Like the fanciful zeitgeist that told us men can become women or that it would take two weeks to stop the spread, when it comes to Wakanda and black history, we're being commanded to affirm something that we all know simply isn't real.
The question remains, as it always is: why?
The X and Chi-Ro
It’s no exaggeration to say that a holiday which began as Negro History Week now celebrates a world which, in fact, does not exist.
So if it’s all just cinematic, if it’s all fictional and make-believe, what’s all this X business? Is this just a Marvel Universe idiosyncrasy? Or is there something deeper being communicated?
In 2018, the film’s director, Ryan Coogler, said the X gesture was a hat tip of sorts to the pharaohs of ancient Egypt, who often buried their dead with the arms folded over in the shape of an X.

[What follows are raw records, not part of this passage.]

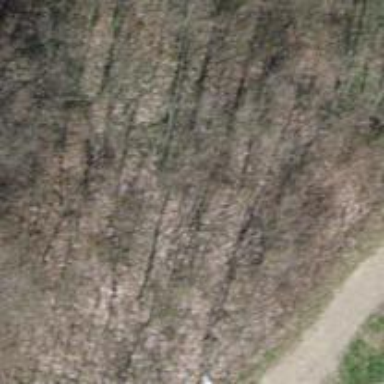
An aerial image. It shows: Compacted path.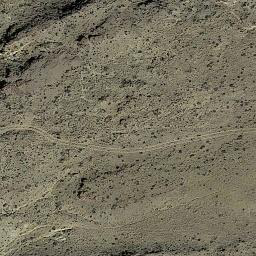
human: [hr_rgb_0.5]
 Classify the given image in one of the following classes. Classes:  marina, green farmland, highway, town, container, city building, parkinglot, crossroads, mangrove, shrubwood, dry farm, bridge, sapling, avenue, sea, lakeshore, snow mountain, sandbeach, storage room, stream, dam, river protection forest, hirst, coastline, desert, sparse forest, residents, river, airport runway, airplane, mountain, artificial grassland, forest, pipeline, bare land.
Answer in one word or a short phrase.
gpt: bare land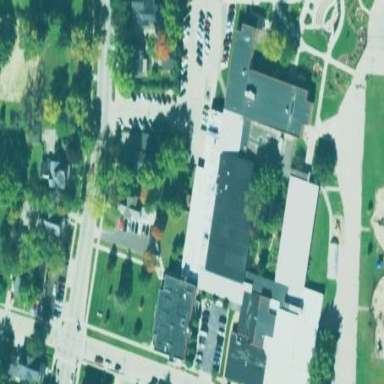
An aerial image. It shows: School building.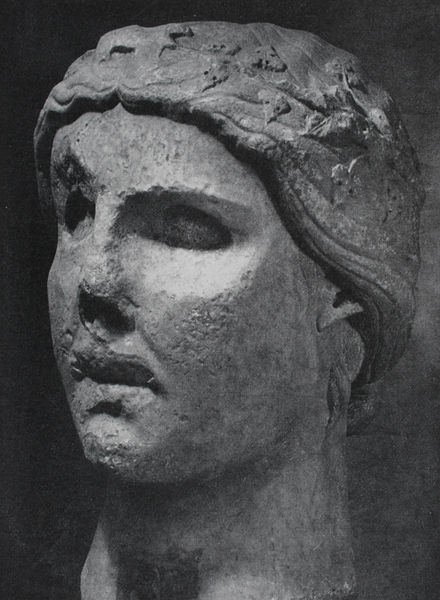
Titel: Kopf der Justitia imperialis - Skulptur für die Brückentoranlage von Capua
Standort: Capua
Institution: Museo Campano
Schlagwörter: blätter, dunkel, kopf, mann, schatten, weiß, ausschnitt, frau, frisur, grau, haar, hut, licht, mund, nase, ohr, schwarz, stirn, blick, ornament, alt, augen, gesicht, mensch, stein, bildnis, hals, portrait, porträt, figur, haare, pflanzen, augenbrauen, kinn, locken, ohren, ranken, skulptur, statue, ton, wangen, studie, nacken, schaden, weiblich, zopf, detail, büste, plastik, wange, foto, fotografie, flechten, antike, links, torso, dreiviertel, schwarzweiß, augenhöhlen, höhlen, haarkranz, entwurf, kranz, staunen, photo, kaputt, efeu, antik, griechisch, gsicht, griechenland, bozzetto, drehung, modelliert, verformt, bozetto, beschädigung, mamor, gemauert, abgetragen, beschädigt, frauenkopf, phto, verwittert, flechtfrisur, ohne nase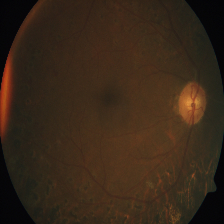
Diabetic retinopathy grade: Severe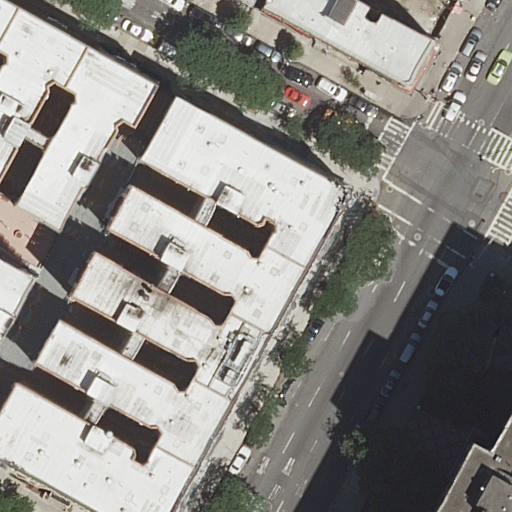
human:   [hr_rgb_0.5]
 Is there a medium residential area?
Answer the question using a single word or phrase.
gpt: yes

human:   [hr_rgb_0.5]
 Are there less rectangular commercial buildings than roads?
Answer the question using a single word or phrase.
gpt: yes

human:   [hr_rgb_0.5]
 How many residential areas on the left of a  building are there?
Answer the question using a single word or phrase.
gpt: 0

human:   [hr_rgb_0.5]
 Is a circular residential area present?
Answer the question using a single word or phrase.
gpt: no

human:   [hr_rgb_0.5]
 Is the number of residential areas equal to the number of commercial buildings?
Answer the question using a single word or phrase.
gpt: no

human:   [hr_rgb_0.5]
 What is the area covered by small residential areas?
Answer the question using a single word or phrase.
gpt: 0m2

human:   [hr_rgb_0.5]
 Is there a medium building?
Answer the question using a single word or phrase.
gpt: yes

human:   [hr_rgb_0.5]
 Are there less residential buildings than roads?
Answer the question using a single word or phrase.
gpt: yes

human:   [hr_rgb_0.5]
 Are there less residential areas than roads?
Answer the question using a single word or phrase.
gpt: yes

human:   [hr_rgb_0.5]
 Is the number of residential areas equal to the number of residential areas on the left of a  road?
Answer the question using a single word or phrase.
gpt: no

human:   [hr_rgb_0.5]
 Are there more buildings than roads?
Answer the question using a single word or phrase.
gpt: no

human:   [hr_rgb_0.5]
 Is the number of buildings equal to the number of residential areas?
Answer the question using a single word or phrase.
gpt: no

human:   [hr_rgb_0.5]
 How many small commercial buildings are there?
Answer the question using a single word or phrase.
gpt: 0

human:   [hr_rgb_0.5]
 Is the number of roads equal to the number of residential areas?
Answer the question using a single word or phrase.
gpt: no

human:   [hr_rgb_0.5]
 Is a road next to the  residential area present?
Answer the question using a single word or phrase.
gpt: yes

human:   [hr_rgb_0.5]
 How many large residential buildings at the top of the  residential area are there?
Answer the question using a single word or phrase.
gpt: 1

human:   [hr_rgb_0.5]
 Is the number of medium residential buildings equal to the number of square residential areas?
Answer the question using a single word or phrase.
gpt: no

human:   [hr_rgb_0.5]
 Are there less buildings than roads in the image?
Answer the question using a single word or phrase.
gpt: yes

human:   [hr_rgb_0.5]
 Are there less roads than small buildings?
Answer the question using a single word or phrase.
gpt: no

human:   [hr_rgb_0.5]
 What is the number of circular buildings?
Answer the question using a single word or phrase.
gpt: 0

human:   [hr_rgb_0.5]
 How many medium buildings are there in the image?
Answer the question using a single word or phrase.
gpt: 3

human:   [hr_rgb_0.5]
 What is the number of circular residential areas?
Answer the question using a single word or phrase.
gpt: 0

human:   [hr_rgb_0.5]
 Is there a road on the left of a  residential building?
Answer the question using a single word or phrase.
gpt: yes

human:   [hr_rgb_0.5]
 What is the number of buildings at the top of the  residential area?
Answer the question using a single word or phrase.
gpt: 6

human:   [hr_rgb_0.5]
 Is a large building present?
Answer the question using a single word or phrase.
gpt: yes

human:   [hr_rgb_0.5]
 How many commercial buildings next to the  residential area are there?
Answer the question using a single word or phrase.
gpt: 0

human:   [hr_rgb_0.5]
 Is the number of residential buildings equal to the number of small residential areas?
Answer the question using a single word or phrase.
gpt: no

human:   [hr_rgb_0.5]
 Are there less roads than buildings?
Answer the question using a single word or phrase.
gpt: no

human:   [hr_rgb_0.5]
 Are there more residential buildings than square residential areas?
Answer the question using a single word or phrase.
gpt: yes

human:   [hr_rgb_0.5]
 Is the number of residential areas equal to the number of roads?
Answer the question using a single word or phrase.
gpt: no

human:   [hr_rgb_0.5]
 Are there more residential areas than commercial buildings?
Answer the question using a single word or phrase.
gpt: yes

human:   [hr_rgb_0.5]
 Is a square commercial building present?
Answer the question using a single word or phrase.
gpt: no

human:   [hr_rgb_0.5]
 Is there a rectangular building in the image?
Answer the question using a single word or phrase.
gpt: yes

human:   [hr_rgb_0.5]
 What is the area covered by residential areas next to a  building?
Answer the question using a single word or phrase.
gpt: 238m2

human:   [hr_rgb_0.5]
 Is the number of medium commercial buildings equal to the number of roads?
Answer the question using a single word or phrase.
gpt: no

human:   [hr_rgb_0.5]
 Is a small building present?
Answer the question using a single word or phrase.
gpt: yes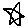
Label: star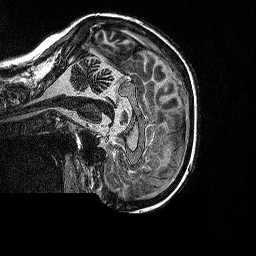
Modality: MP2RAGE
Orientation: sagittal
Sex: female
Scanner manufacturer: siemens
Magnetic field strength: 3 T
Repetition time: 5 s
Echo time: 0.00292 s
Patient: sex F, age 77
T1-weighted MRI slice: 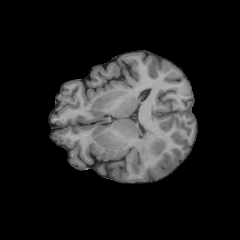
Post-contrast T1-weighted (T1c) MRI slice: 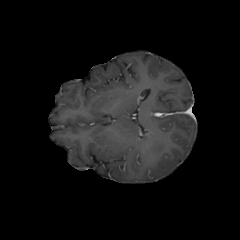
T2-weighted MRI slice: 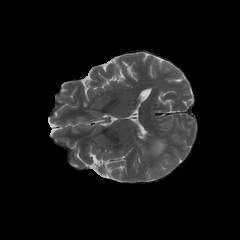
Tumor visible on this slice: yes
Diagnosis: Glioblastoma, IDH-wildtype
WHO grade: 4
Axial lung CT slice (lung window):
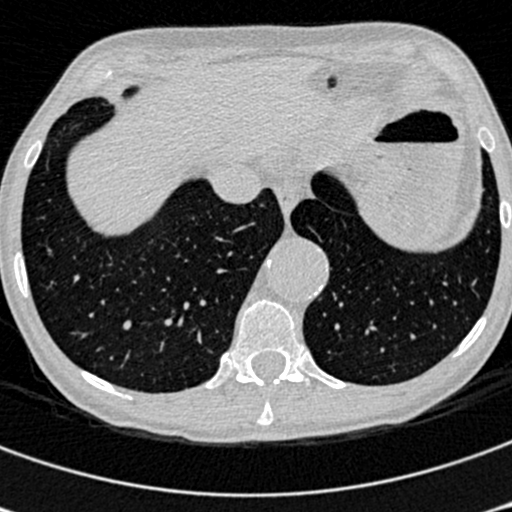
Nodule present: no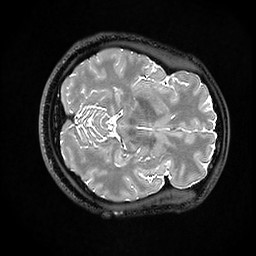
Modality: T2w
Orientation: axial
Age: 42
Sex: female
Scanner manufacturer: ge
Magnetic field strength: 3 T
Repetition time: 3.202 s
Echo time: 0.05898 s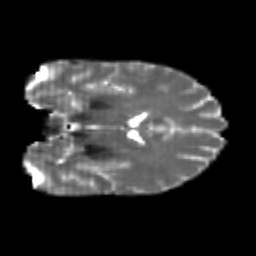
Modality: T2w
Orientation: coronal
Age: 25
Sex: male
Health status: healthy
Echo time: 0.074 s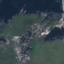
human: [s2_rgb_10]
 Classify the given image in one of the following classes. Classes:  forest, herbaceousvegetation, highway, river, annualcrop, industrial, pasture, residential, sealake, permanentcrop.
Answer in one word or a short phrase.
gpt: HerbaceousVegetation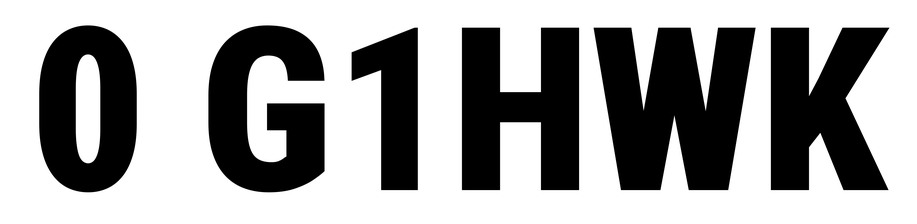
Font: Roboto_Condensed_Black
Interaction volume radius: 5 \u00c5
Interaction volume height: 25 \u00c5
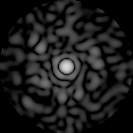
Disorder parameter: 0.8592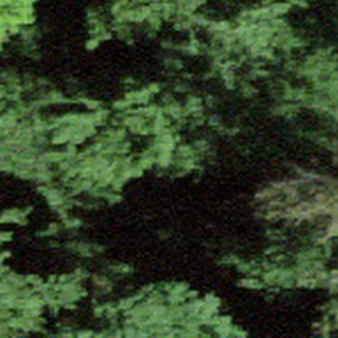
Label: other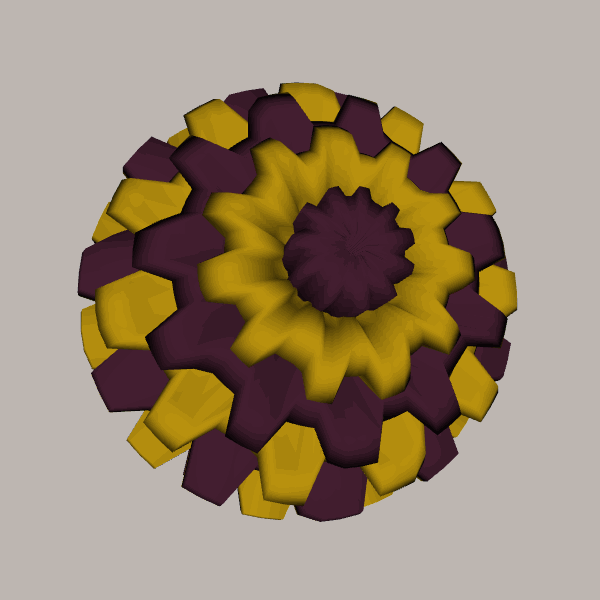
Background: light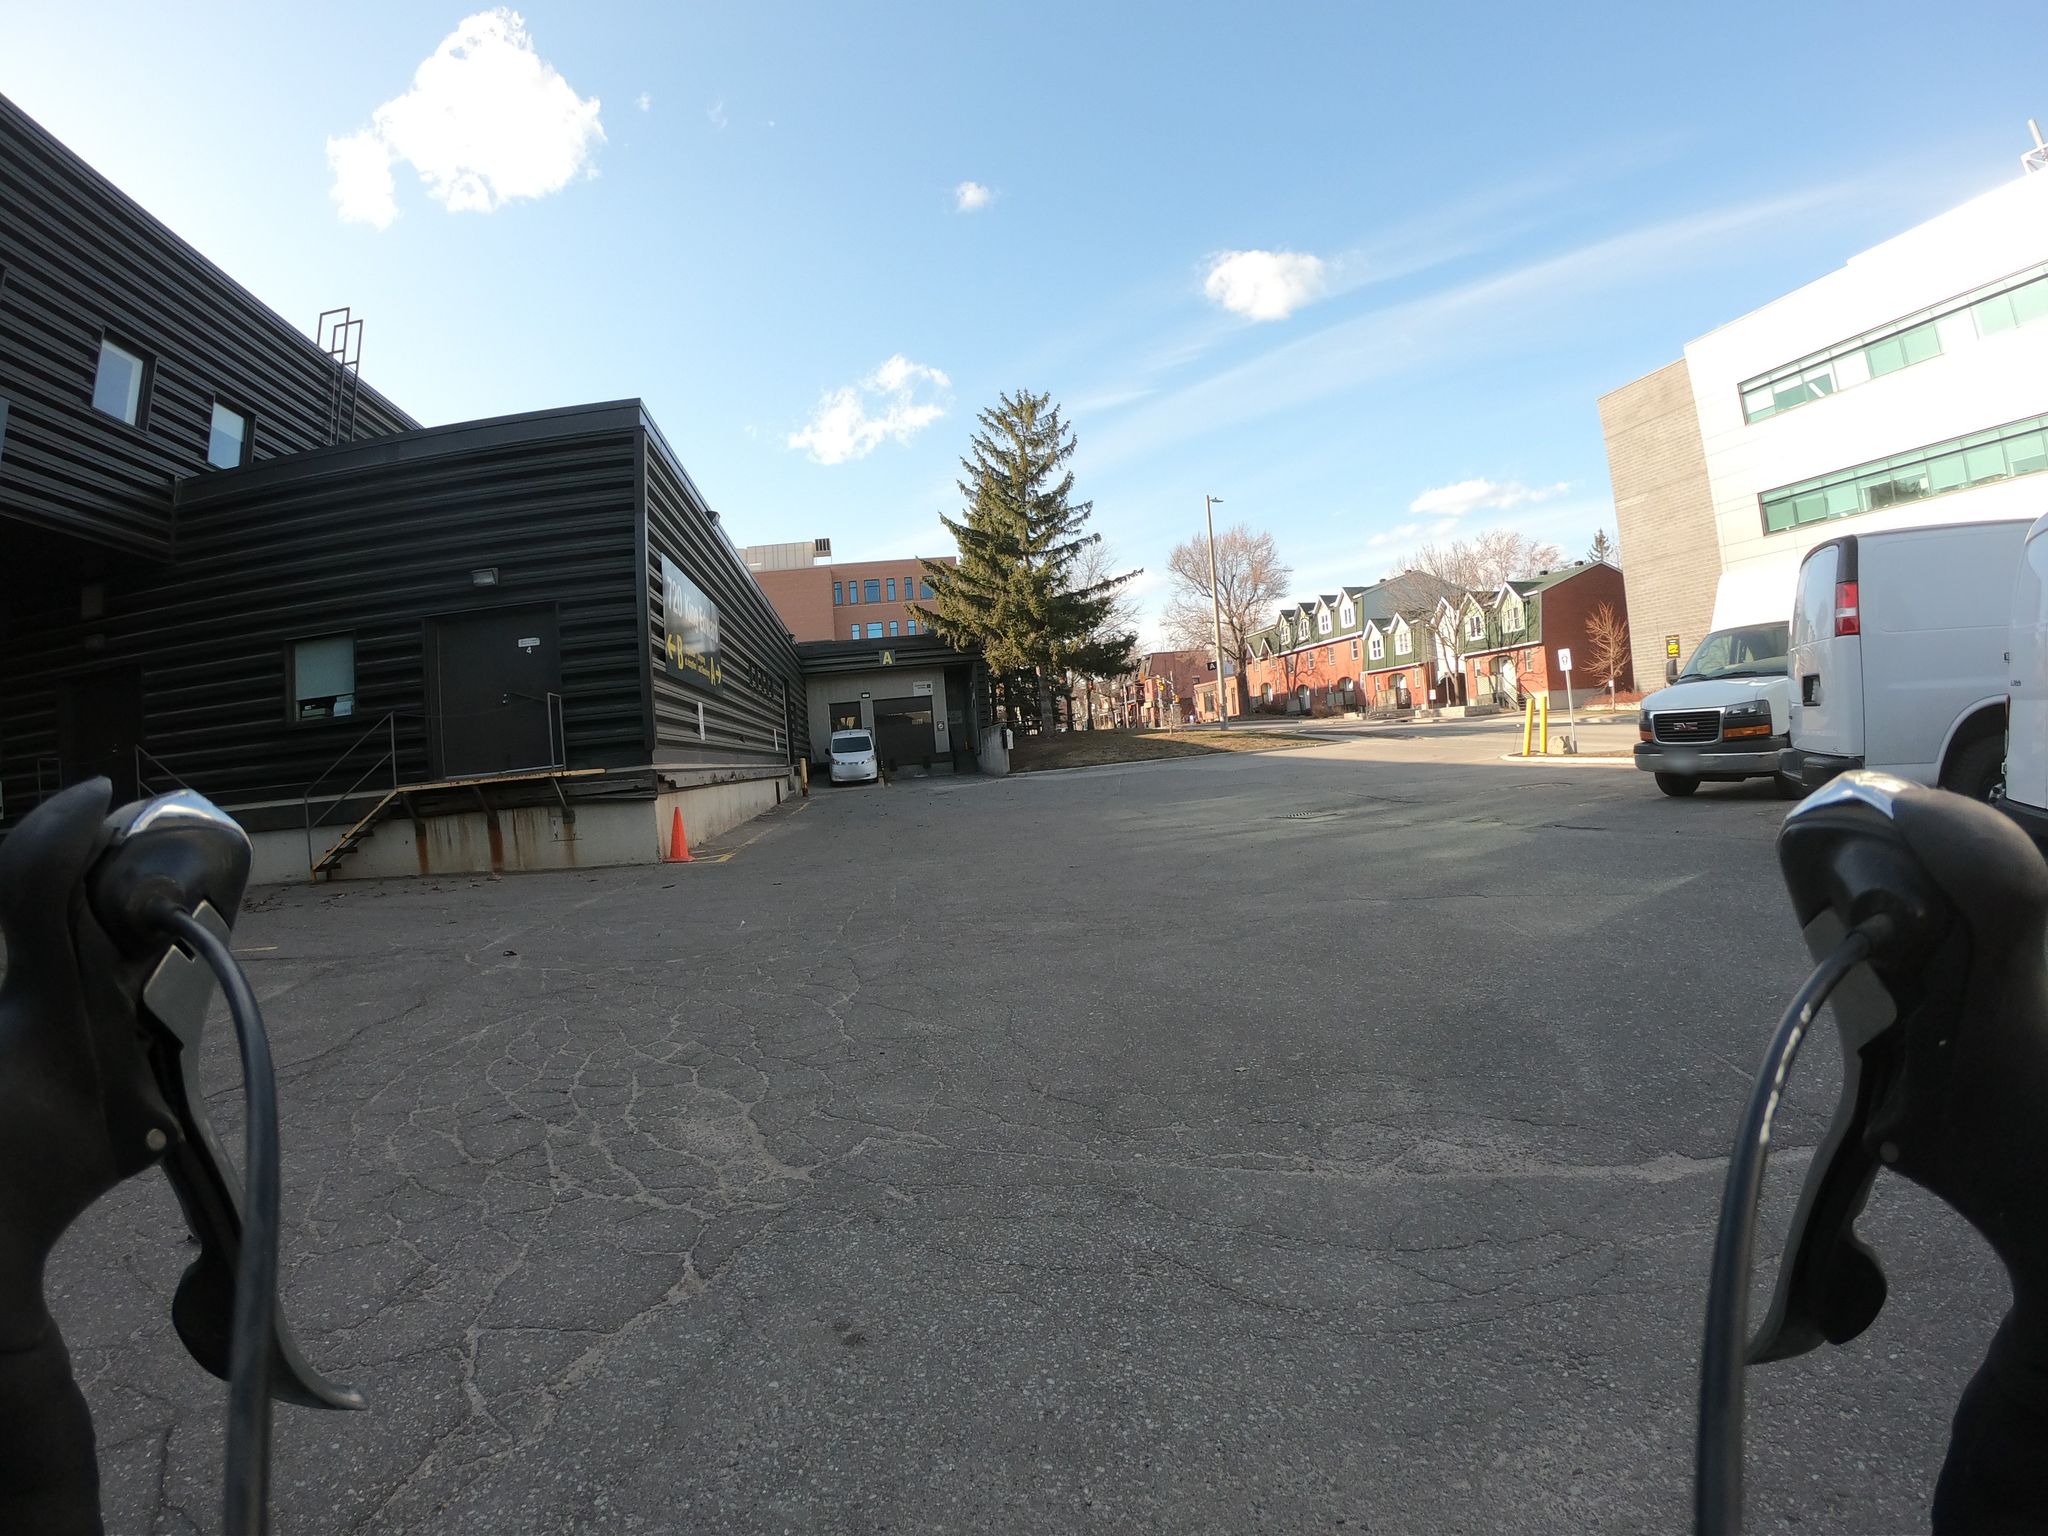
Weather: clear
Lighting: day
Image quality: good
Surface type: walking surface
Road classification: steps, service, footway
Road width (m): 2
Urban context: urban centre
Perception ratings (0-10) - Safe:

Historians tell us a body with crossed-arms in Egyptian burials usually indicated male royalty or a sign of kingship.
“That’s where we got the ‘Wakanda Forever’ salute from,” Coogler said at the time.
But there is, in fact, yet another layer of meaning to X.
“In the 2015 book Ancient Egypt Transformed: The Middle Kingdom, authors Adela Oppenheim, Dorothea Arnold, Dieter Arnold, and Kei Yamamoto posit that the crossed arms signify the loss of control of one’s body in death, ‘an idea expressed’ in the Egyptian god Osiris who was slain by his brother and chopped up in pieces.”
This historical context appears to be verified by the very monuments of Egypt itself.
The Egyptians buried their male royalty with crossed arms to “symbolize authority” - but over whom? Or what?
While most audiences recognize Boseman from “Black Panther,” most may not know he also played Thoth, the Egyptian moon god, in 2016’s “Gods of Egypt.”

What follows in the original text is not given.